▶ [Material for this task]
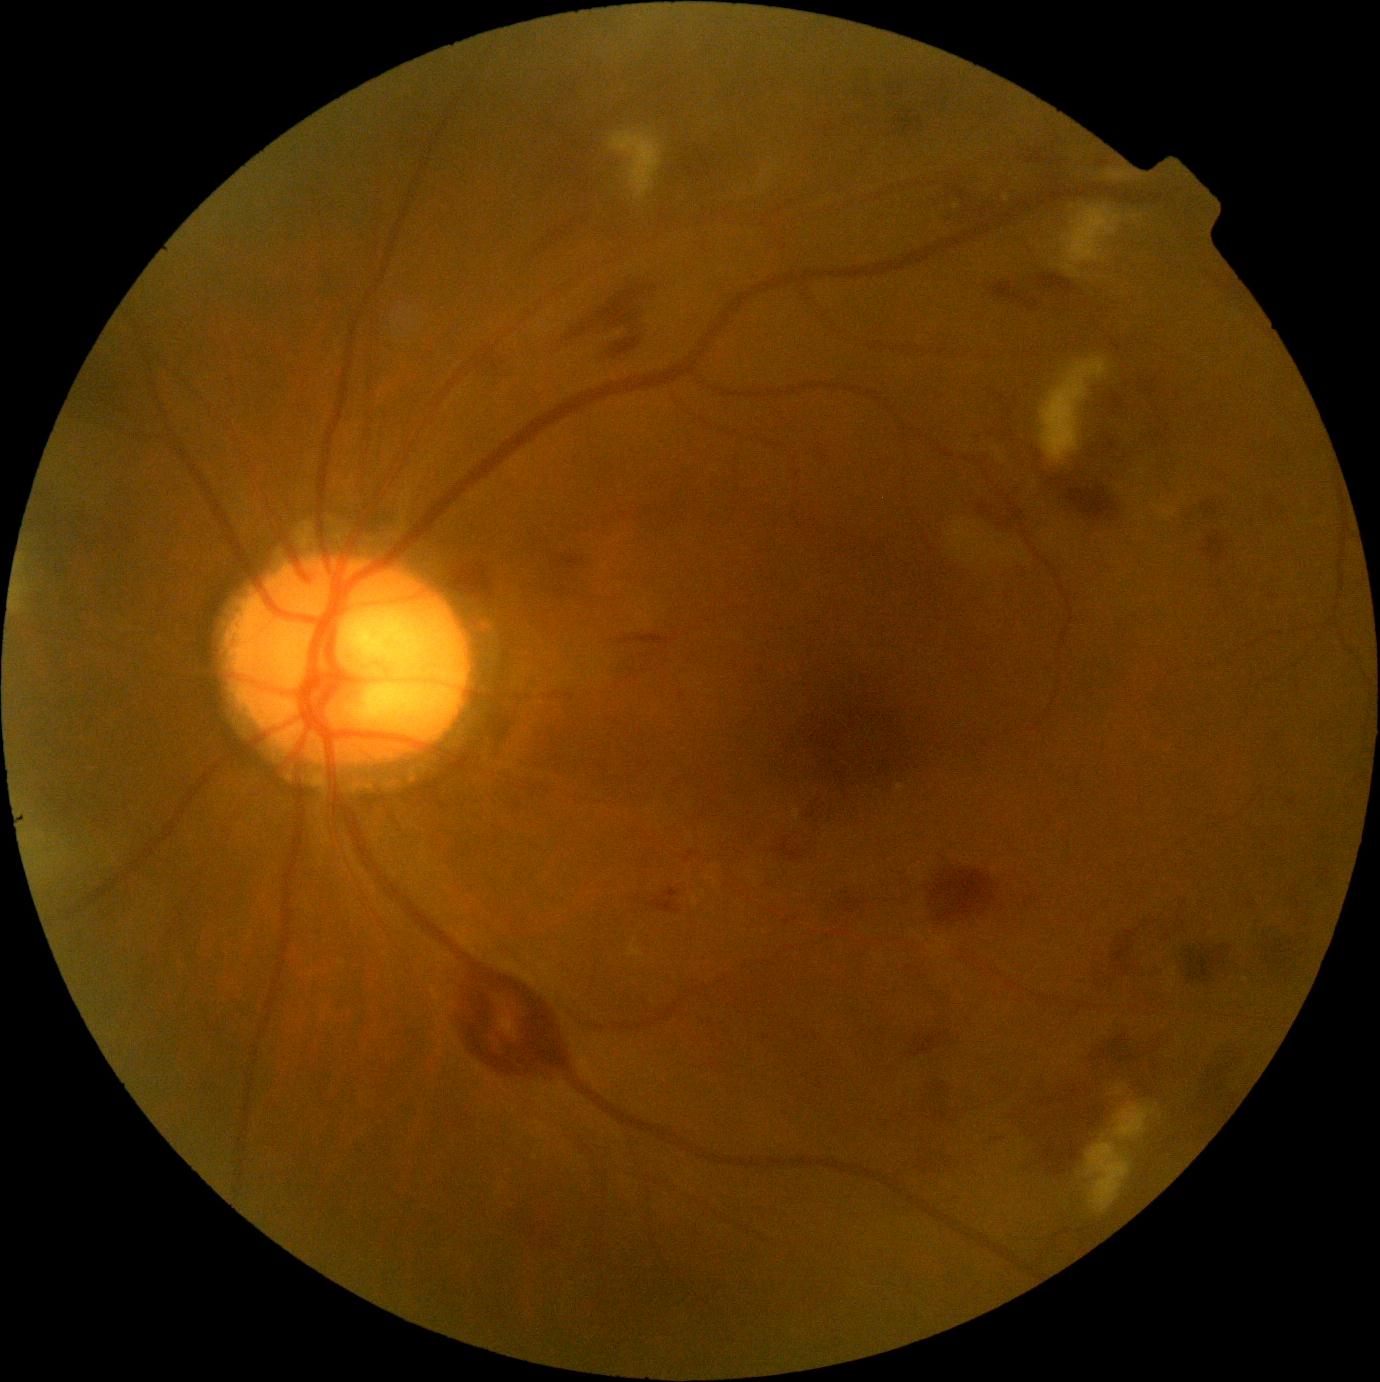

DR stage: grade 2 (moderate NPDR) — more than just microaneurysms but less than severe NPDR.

==

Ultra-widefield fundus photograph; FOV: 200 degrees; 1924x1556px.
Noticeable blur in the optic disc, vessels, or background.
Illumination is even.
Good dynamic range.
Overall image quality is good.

...

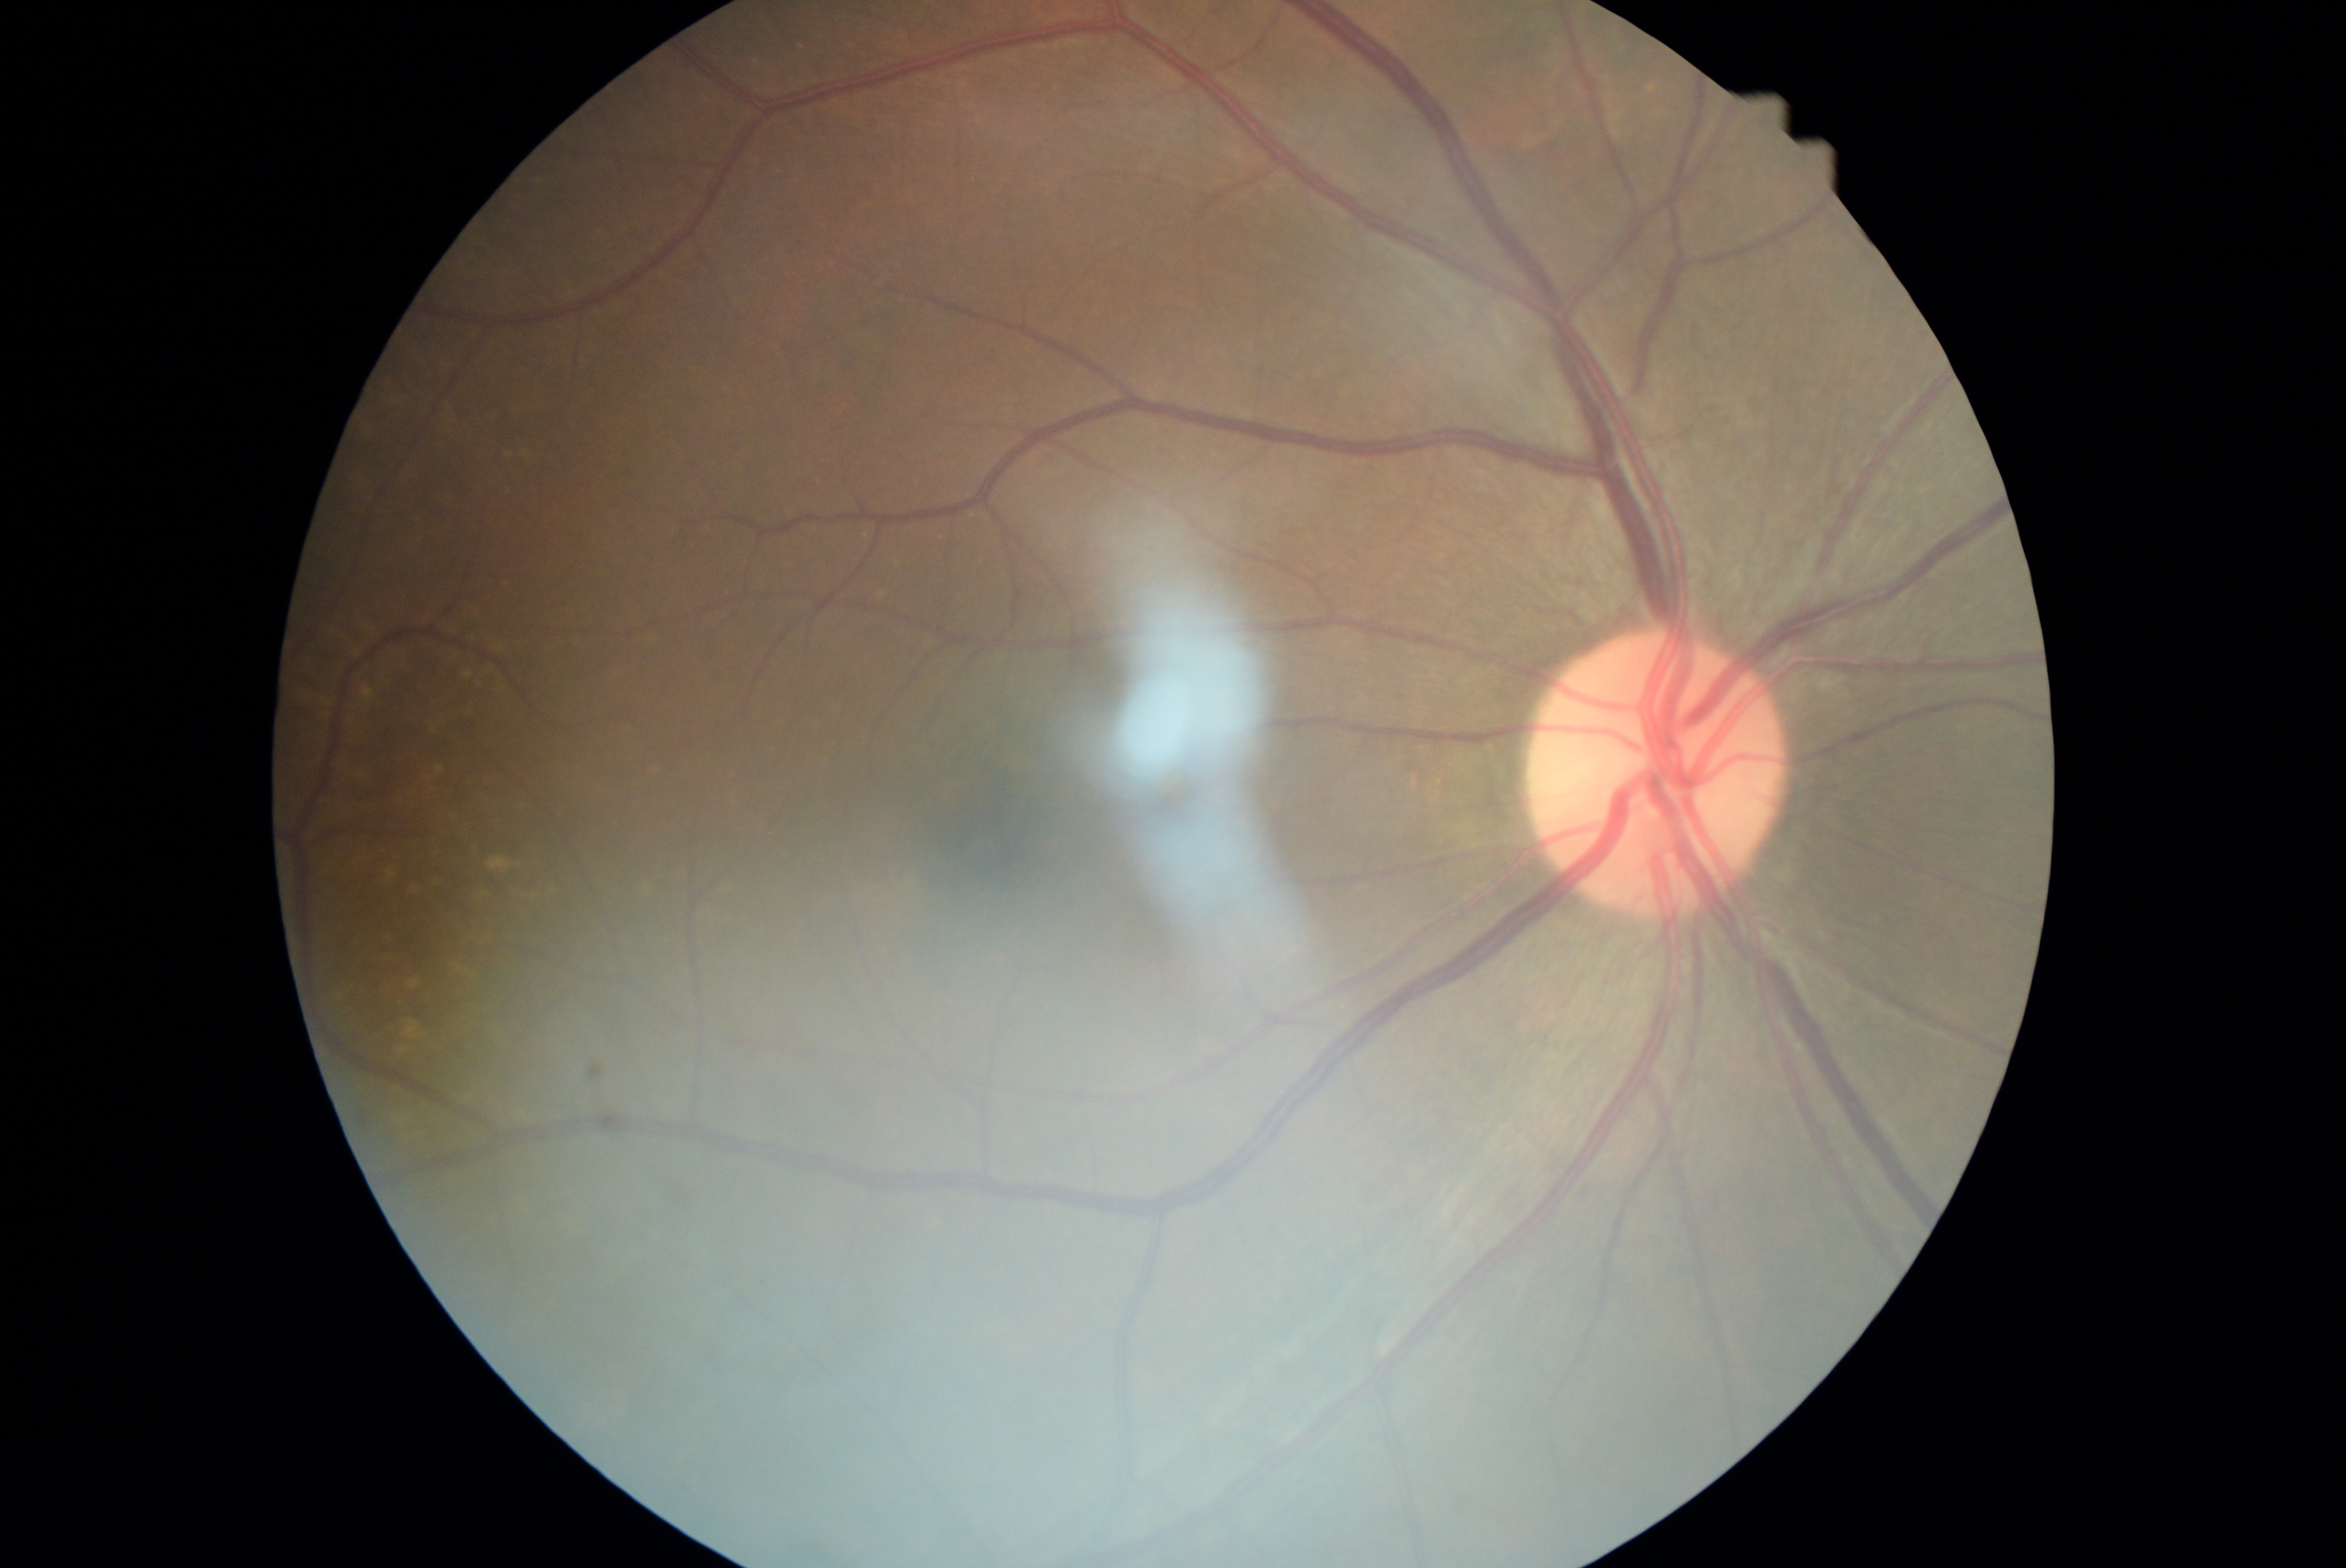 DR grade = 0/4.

▶ [Task description]
The range runs from the line with "Illumination is even." up to and including the line with "Overall image quality is good." in the listing above; please write out exactly those lines and nothing more.

▶ [Solution for this task]
Illumination is even.
Good dynamic range.
Overall image quality is good.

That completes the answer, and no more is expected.